The first performance objective for the Saxons structure construction is to achieve low overlay path latency, defined as the end-to-end latency along the shortest overlay path for each pair of nodes. The relative delay penalty (or RDP) is another common metric for overlay latency, which is defined as the ratio of the overlay path latency to the direct Internet latency. Consider a physical network illustrated in Figure 1(a). A, B, C, and D are edge nodes while R1, R2, R3, and R4 are internal routers. The latency and bandwidth for each physical link are indicated. Figures 1(b) and 1(c) illustrate two overlay connectivity structures both of which have a per-node degree of two. The latency and bandwidth of each virtual overlay link are also indicated with the assumption that the underlying substrate network employs shortest-path routing. Both connectivity structures provide the same overlay latency for A-B and C-D. Structure II allows slightly less latency for A-C and B-D while structure I provides much shorter paths for A-D and B-C. In average, Structure I is superior to Structure II in terms of the overlay path latency (15.33ms vs. 21.33ms) and RDP (1.03 vs. 1.58). The overlay latency is very important for the first four categories of services described in Section 2.1. For services with the periodic pairwise neighbor communication pattern, the data propagation delay between two nodes depends mostly on the overlay hop-count distance since the neighbor communication frequency is often independent of the link latency.

Our second performance objective is to achieve low overlay hop-count distance, defined as the hop-count distance along the overlay structure for each pair of nodes. The two structures illustrated in Figure 1 have the same average overlay hop-count distance of 1.33. As mentioned earlier, the hop-count distance in an overlay structure is important for services with the periodic pairwise neighbor communication pattern. We further argue that this metric also affects the performance of other services utilizing overlay structures. This is because an overlay route with larger hop-count may suffer more performance penalty in the presence of transient congestion or faults at intermediate nodes.
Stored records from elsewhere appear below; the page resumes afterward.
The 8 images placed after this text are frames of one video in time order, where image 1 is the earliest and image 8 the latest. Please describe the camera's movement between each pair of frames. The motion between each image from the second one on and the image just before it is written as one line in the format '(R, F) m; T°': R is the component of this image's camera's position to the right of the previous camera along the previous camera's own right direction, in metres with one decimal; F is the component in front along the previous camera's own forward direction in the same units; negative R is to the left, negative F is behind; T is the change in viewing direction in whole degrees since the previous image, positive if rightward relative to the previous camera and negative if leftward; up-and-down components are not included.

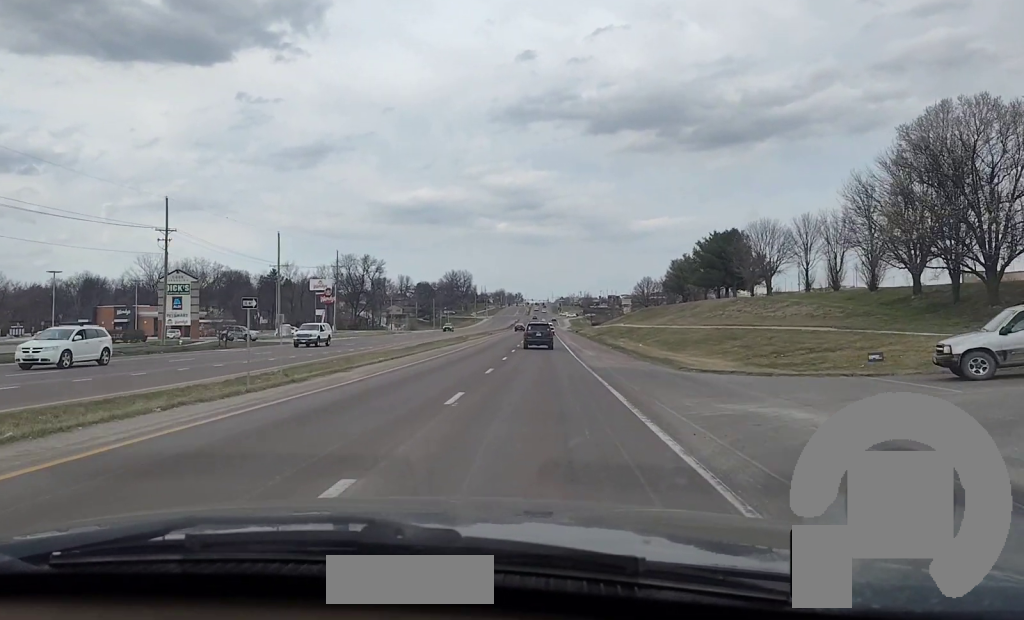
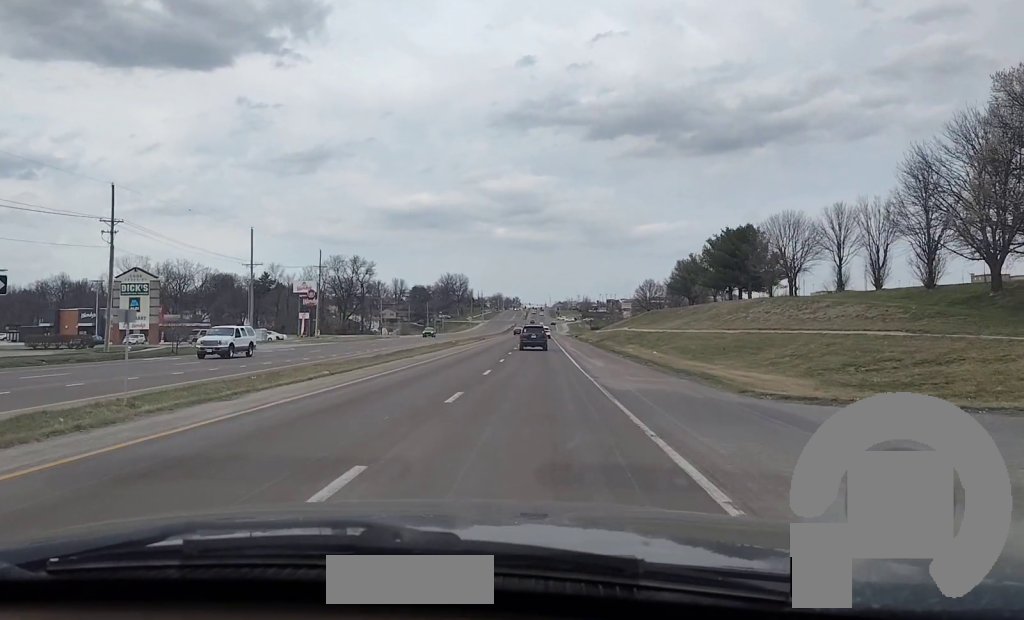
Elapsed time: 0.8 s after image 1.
(0.0, +10.7) m; 0°
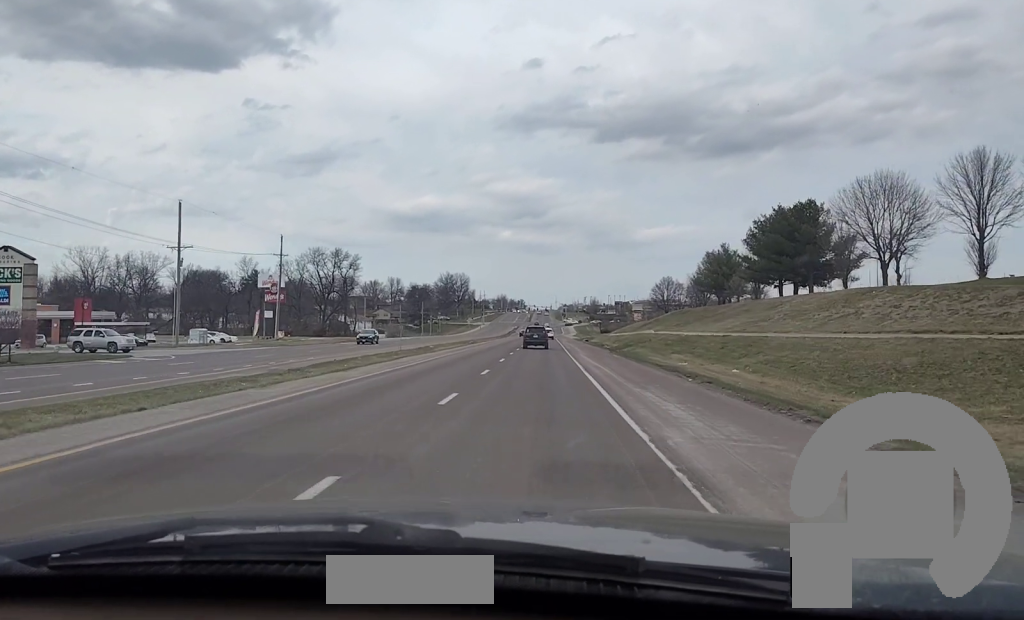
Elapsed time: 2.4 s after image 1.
(-0.1, +25.1) m; 0°
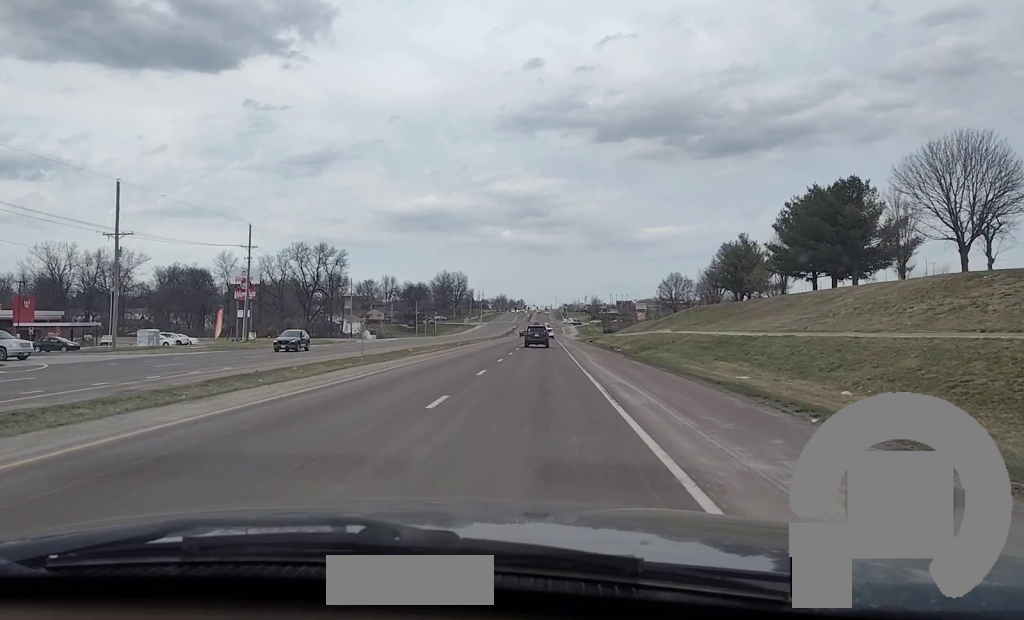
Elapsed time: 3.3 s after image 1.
(0.0, +13.5) m; 0°
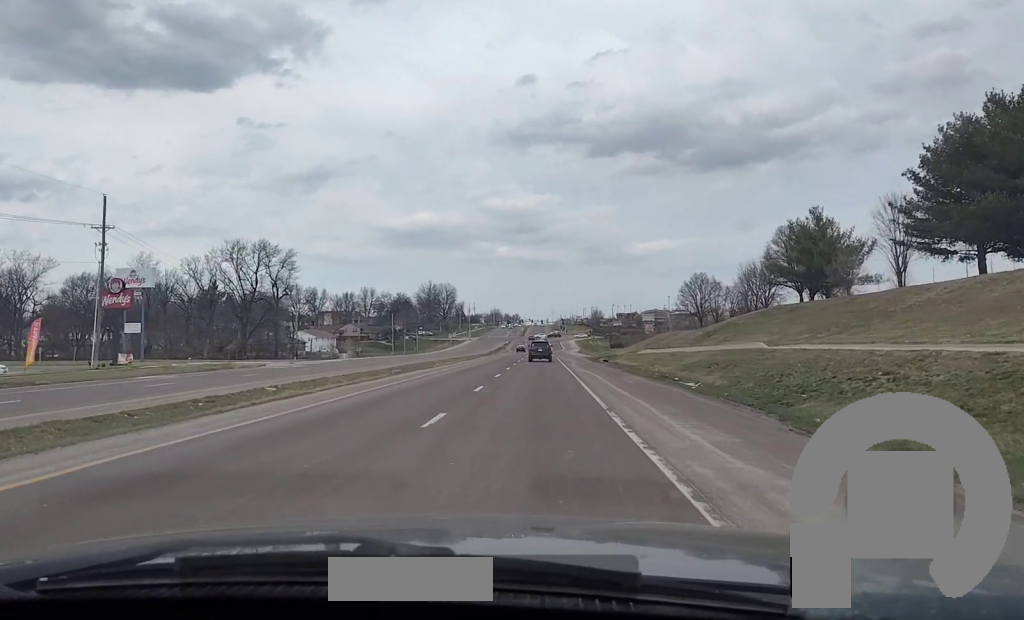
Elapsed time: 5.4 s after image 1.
(+0.1, +35.8) m; 0°
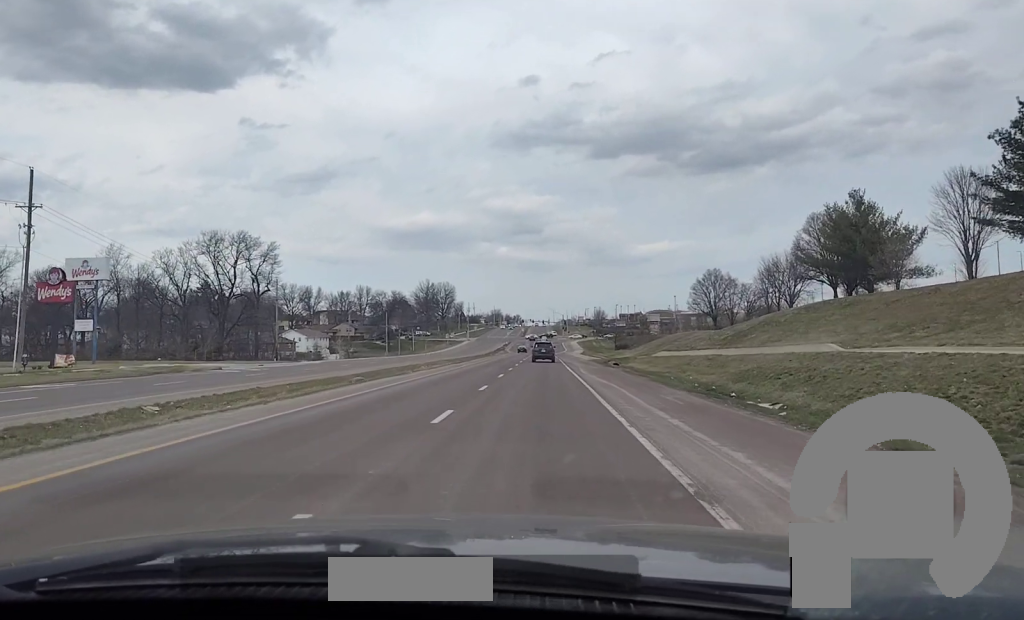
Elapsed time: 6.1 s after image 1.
(-0.1, +11.4) m; 0°
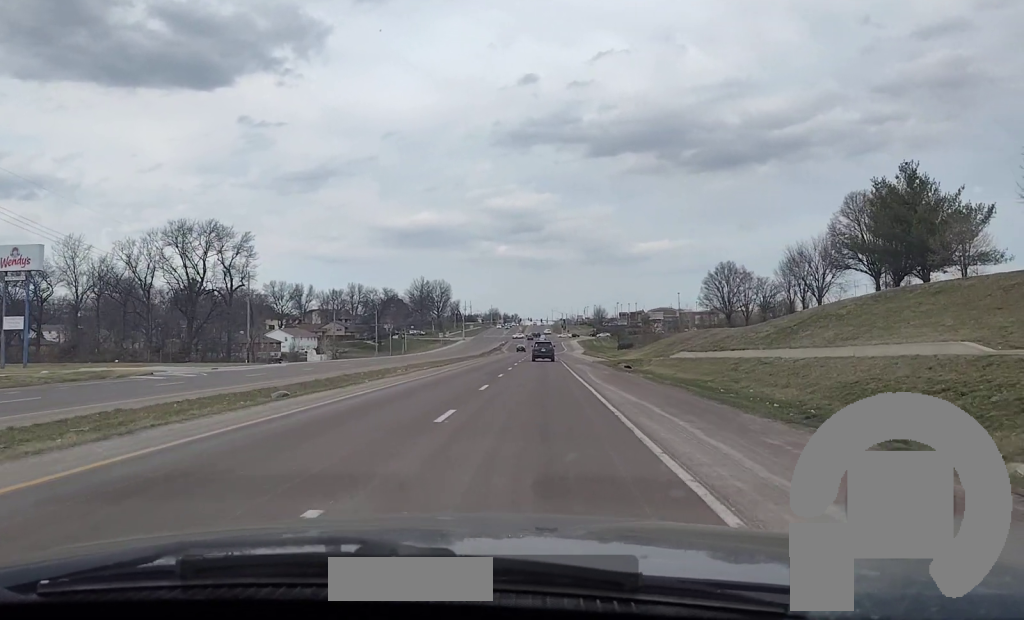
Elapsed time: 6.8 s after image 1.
(0.0, +12.0) m; 0°
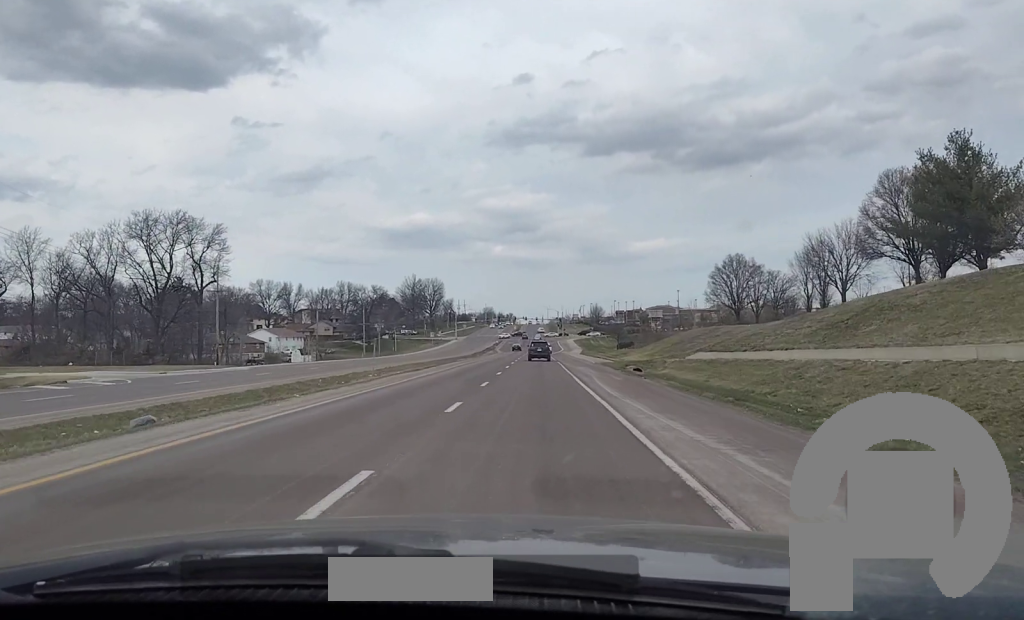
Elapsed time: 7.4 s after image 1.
(0.0, +9.7) m; 0°
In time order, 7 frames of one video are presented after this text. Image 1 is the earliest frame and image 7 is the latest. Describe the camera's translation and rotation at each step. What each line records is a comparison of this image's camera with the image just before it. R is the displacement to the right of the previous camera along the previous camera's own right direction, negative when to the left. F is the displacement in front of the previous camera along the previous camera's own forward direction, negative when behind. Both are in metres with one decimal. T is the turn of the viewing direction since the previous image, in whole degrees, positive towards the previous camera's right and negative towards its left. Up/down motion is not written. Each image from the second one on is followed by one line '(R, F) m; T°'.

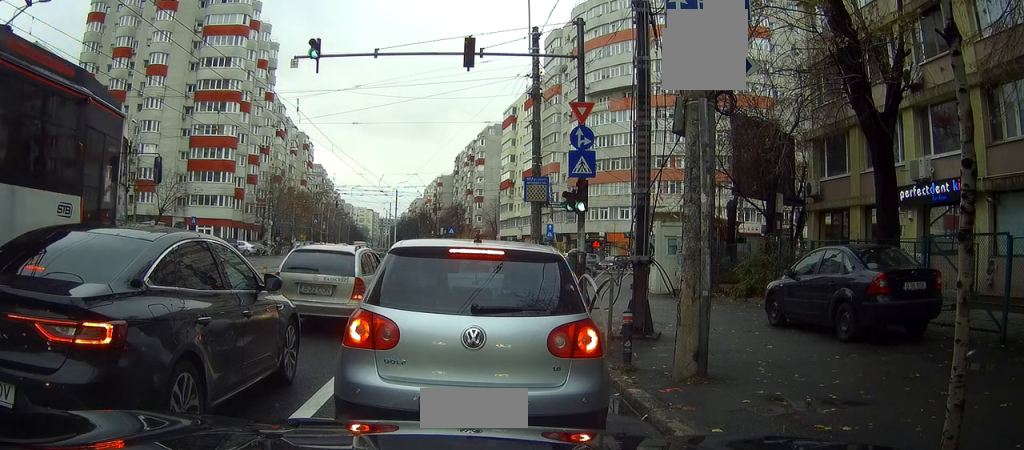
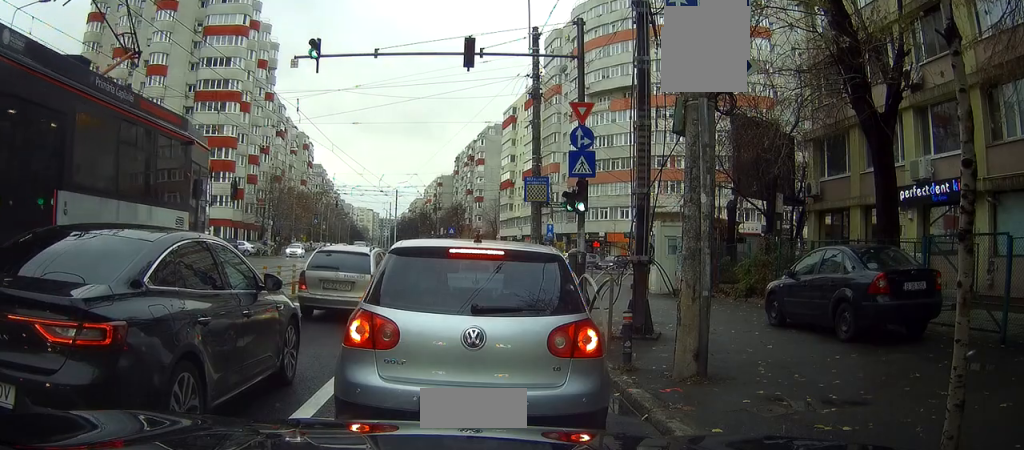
(0.0, 0.0) m; 0°
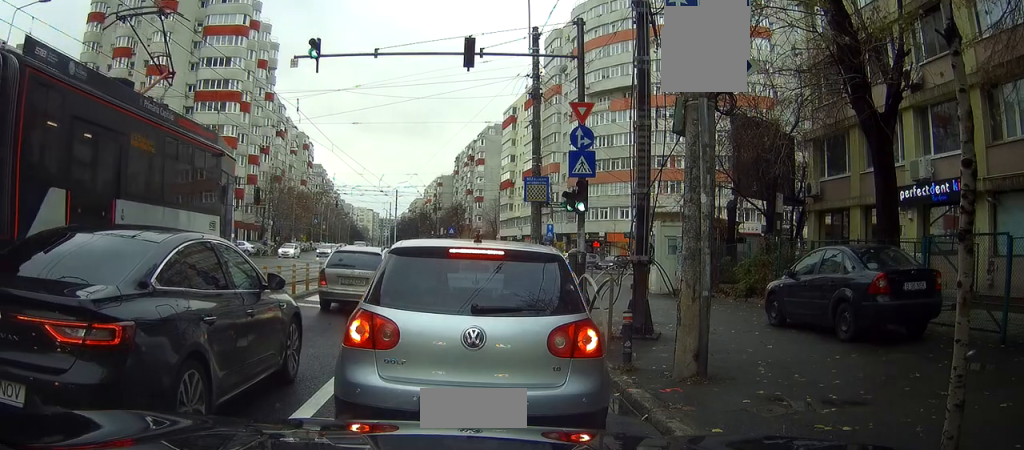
(0.0, 0.0) m; 0°
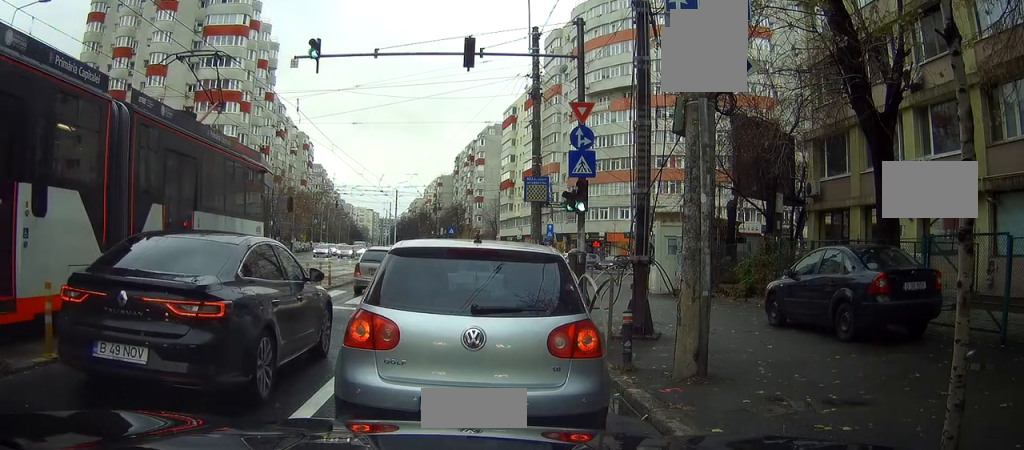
(0.0, 0.0) m; 0°
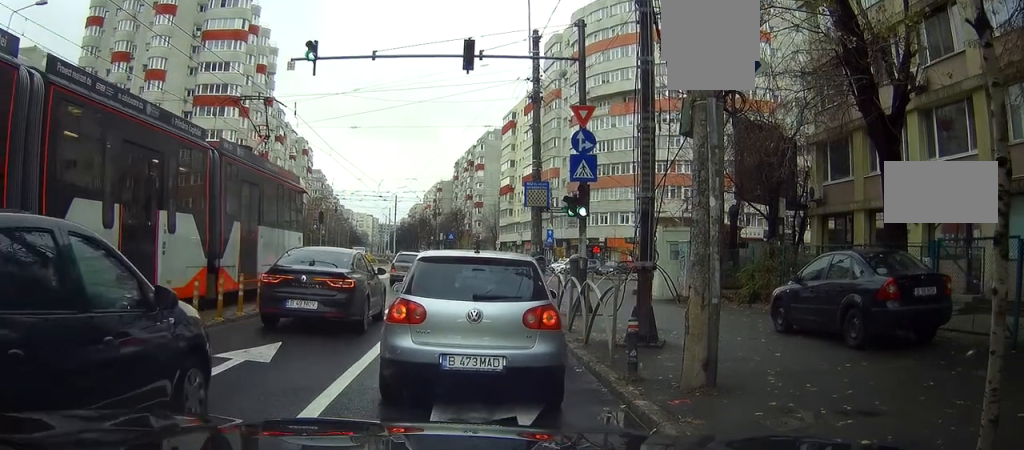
(0.0, +0.2) m; 0°
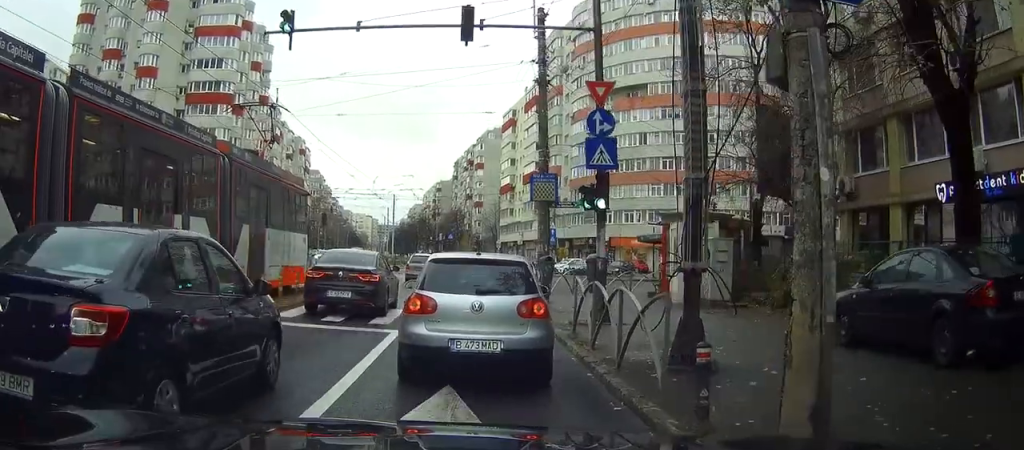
(0.0, +0.9) m; 0°
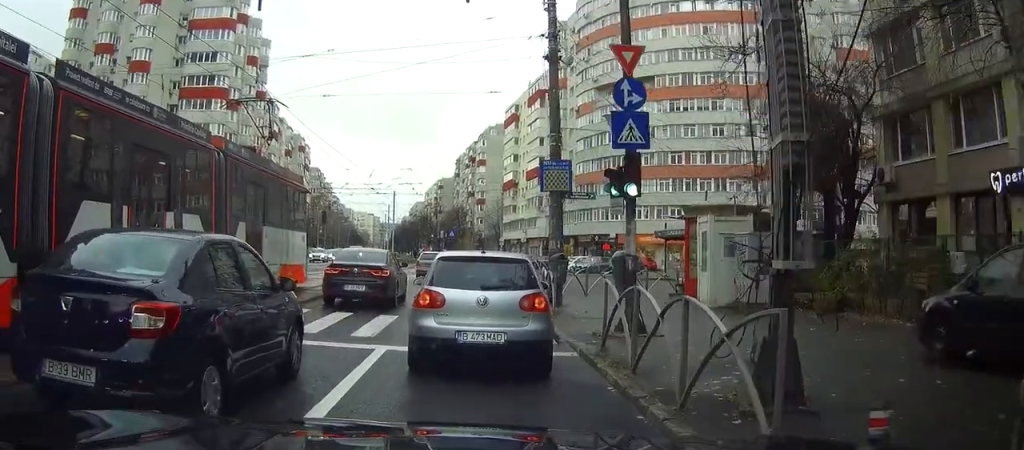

In terms of the overlay bandwidth, we are interested in two specific metrics: bandwidth along the shortest overlay path and bandwidth along the widest path. Bandwidth along the shortest overlay path is important when the path selection desires both low latency and high bandwidth. Bandwidth along the widest path is the essential metric when the upper-level service is predominantly interested in finding high-bandwidth overlay routes. For the two overlay structures illustrated in Figure 1, structure II provides high bandwidth (45Mbps) routes for all pairs of nodes while structure I has low bandwidth (1.5Mbps) along the shortest path for A-D. High overlay bandwidth is desired for long unicast/multicast/broadcast communications as well as periodic pairwise neighbor communications. Services with short-message communications generally do not place much demand on overlay bandwidth. However, short multicast/broadcast services like query flooding may incur high bandwidth consumption when a large number of queries flood the system simultaneously.

Table 1: Importance of structure qualities for overlay services.

Service types	Overlay	Hop-count	Overlay
	latency	distance	bandwidth
Short unicast	$\checkmark$	$\checkmark^{\times}$	$\times$
Short multi/broadcast	$\checkmark$	$\checkmark^{\times}$	$\checkmark^{\times}$
Long unicast	$\checkmark$	$\checkmark^{\times}$	$\checkmark$
Long multi/broadcast	$\checkmark$	$\checkmark^{\times}$	$\checkmark$
Neighbor comm.	$\times$	$\checkmark$	$\checkmark$

In summary, Table 1 shows these performance metrics and their importance to each of the five types of services we listed in Section 2.1. A check mark `` $\checkmark$ '' means the metric is important to this type of services while a `` $\times$ '' represents the opposite. A mark `` $\checkmark^{\times}$ '' means the metric may be important under certain circumstances. We can see that services with different communication patterns place different quality demand on the overlay structure construction. We also believe that the above three lines of performance objectives cover the quality demand of a wide range of overlay services. The Saxons structure built toward these performance objectives will simplify the construction of these services while allowing them to achieve high performance at the same time.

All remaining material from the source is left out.